BEGIN
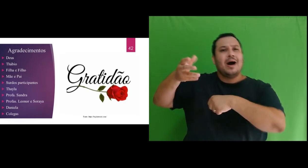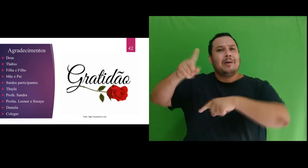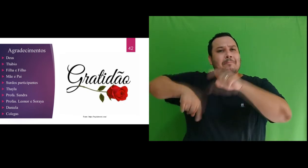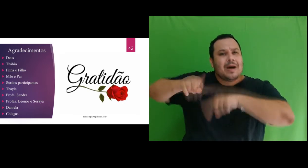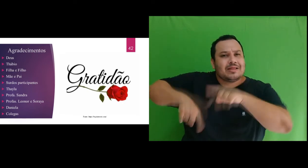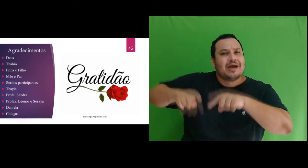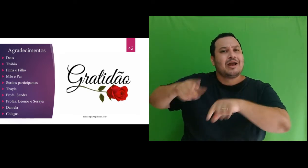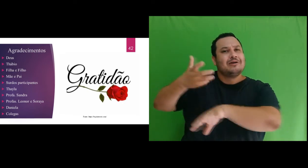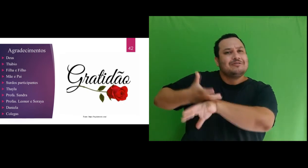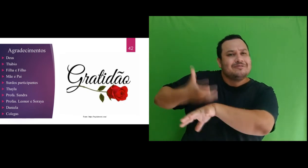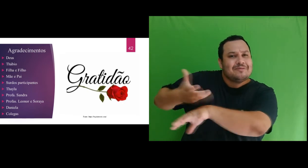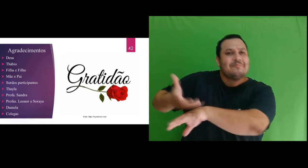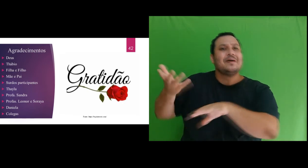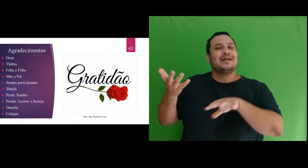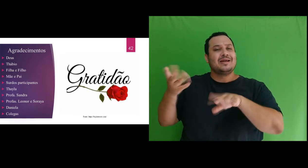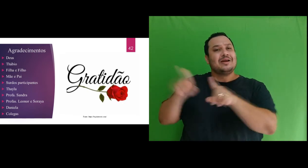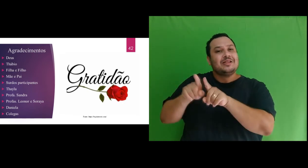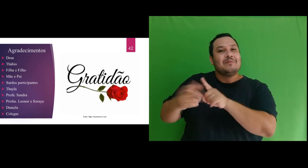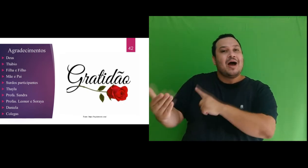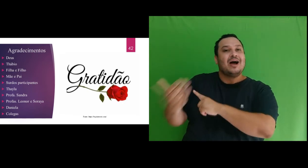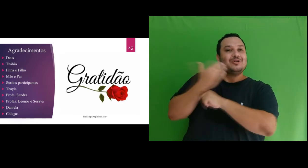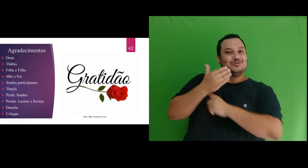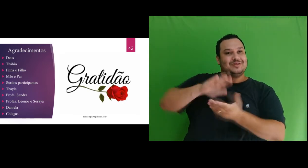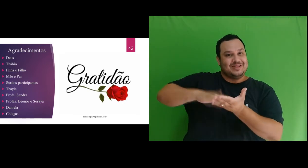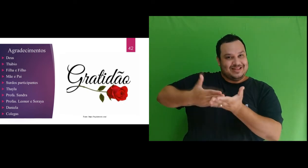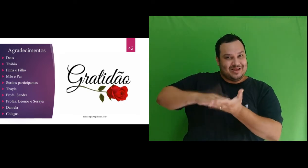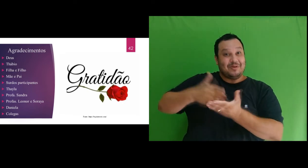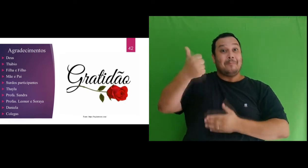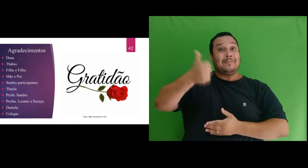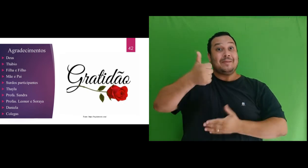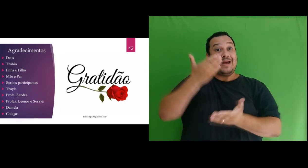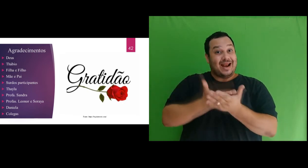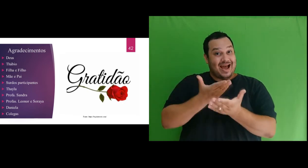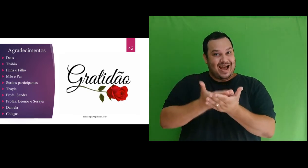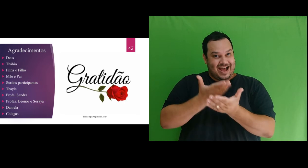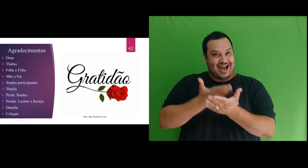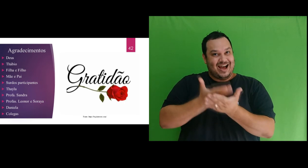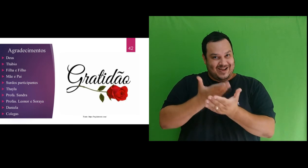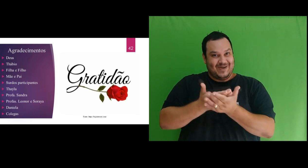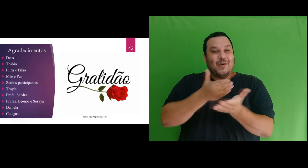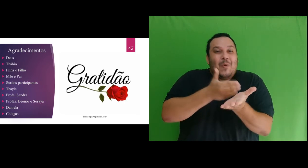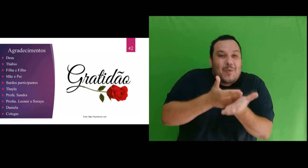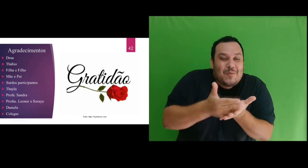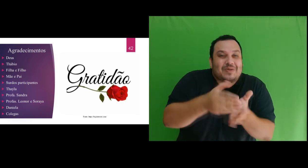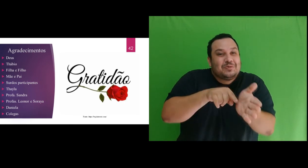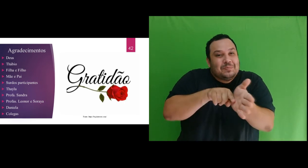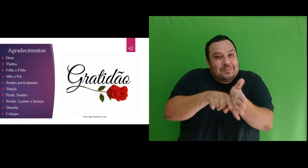disciplinas do mestrado e por ter interpretado a primeira aula no início da pesquisa juntamente
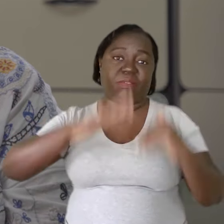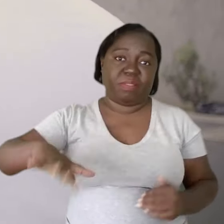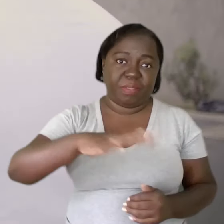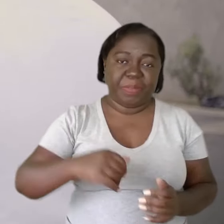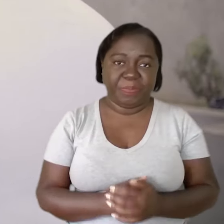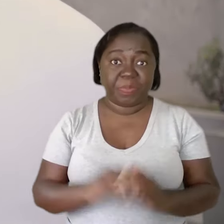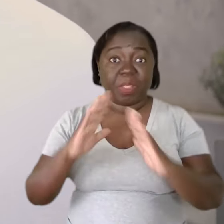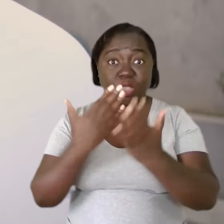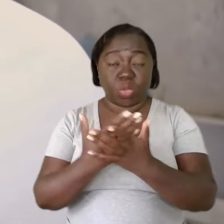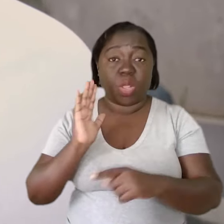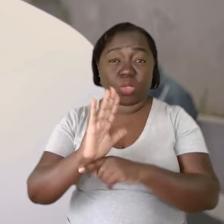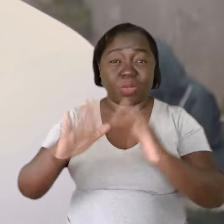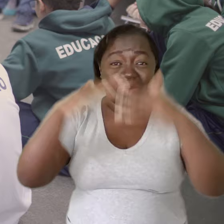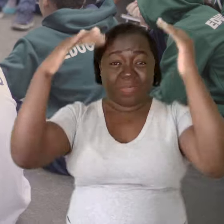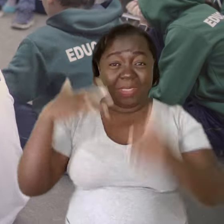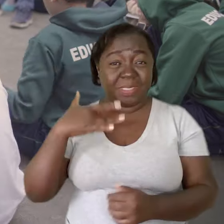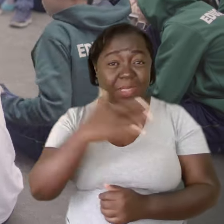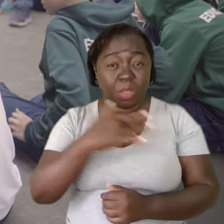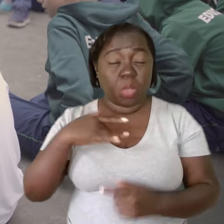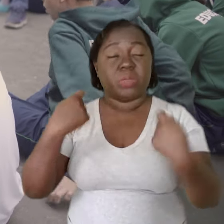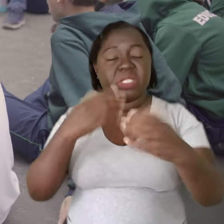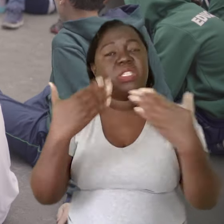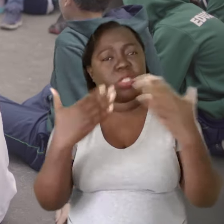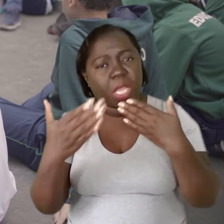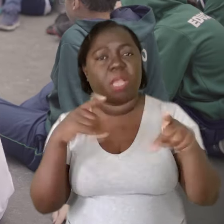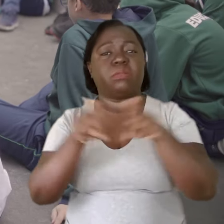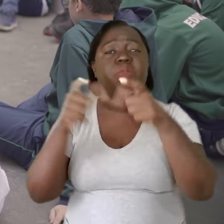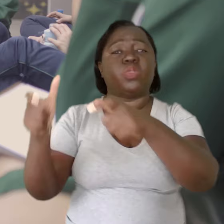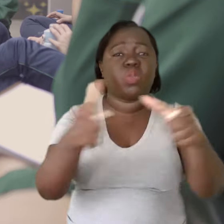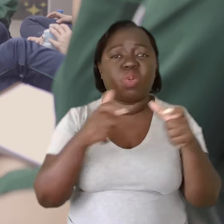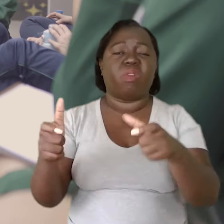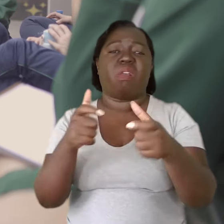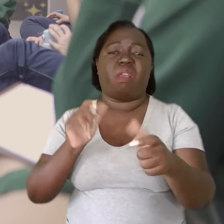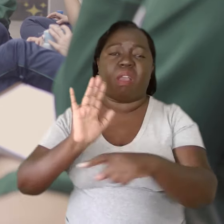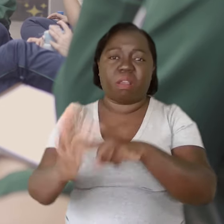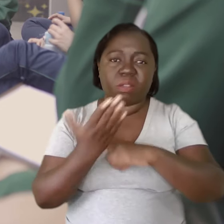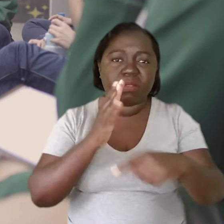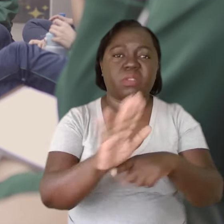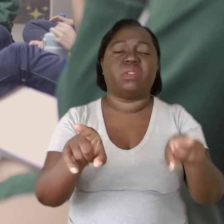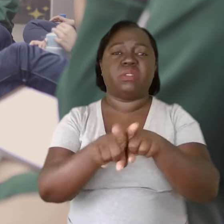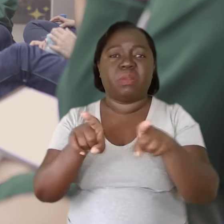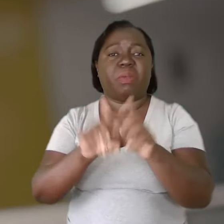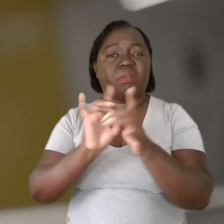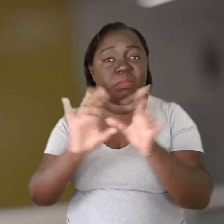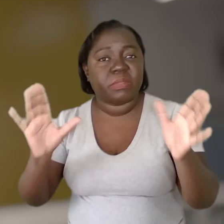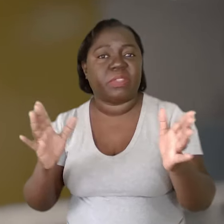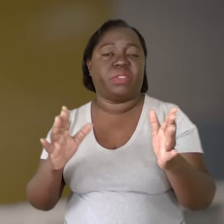Uma escola promotora de saúde precisa ter diálogo, precisa ter espaços para coletivos, precisa dar margem de ação, precisa dar liberdade.
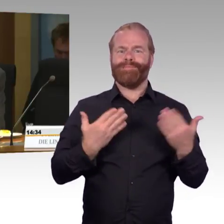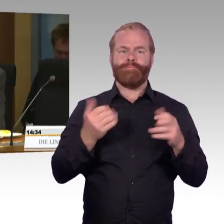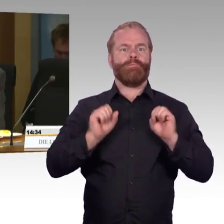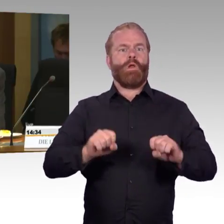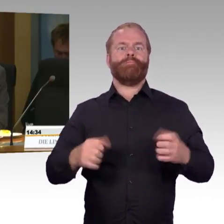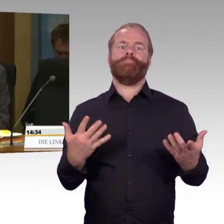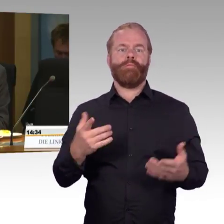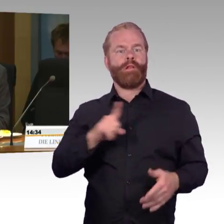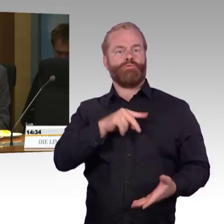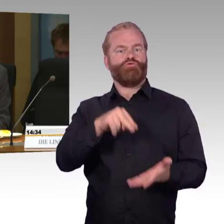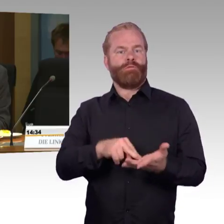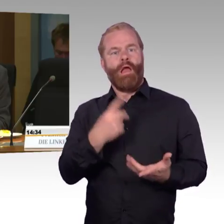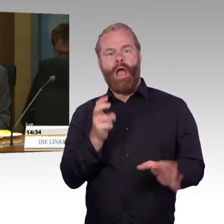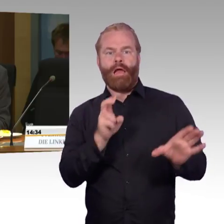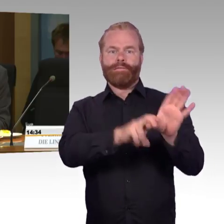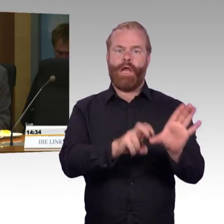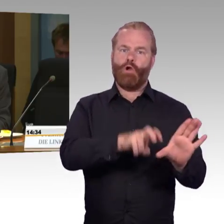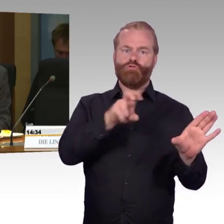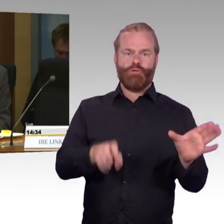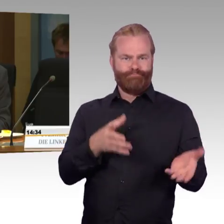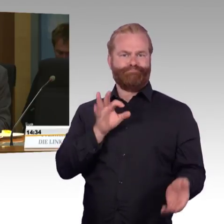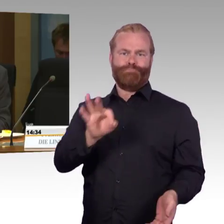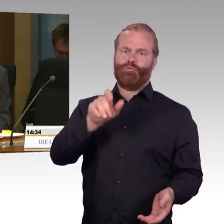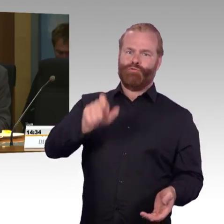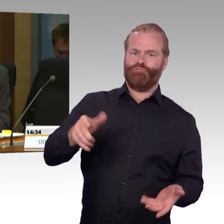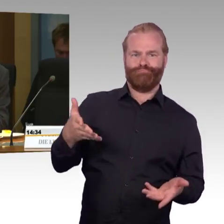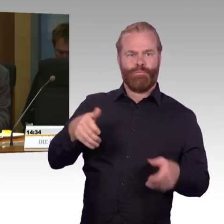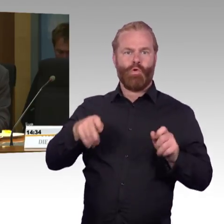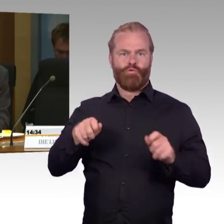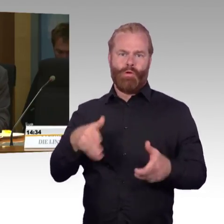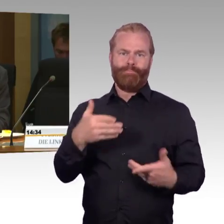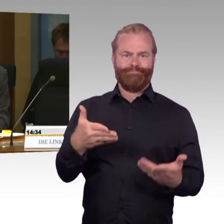der Fernverkehrszüge grundsätzlich zu hoch ist, also zu den Bahnsteigen?
END
- Your instructions
Repeat each line of the material exactly, and drop any image it carries.

- Task response
disciplinas do mestrado e por ter interpretado a primeira aula no início da pesquisa juntamente
Uma escola promotora de saúde precisa ter diálogo, precisa ter espaços para coletivos, precisa dar margem de ação, precisa dar liberdade.
der Fernverkehrszüge grundsätzlich zu hoch ist, also zu den Bahnsteigen?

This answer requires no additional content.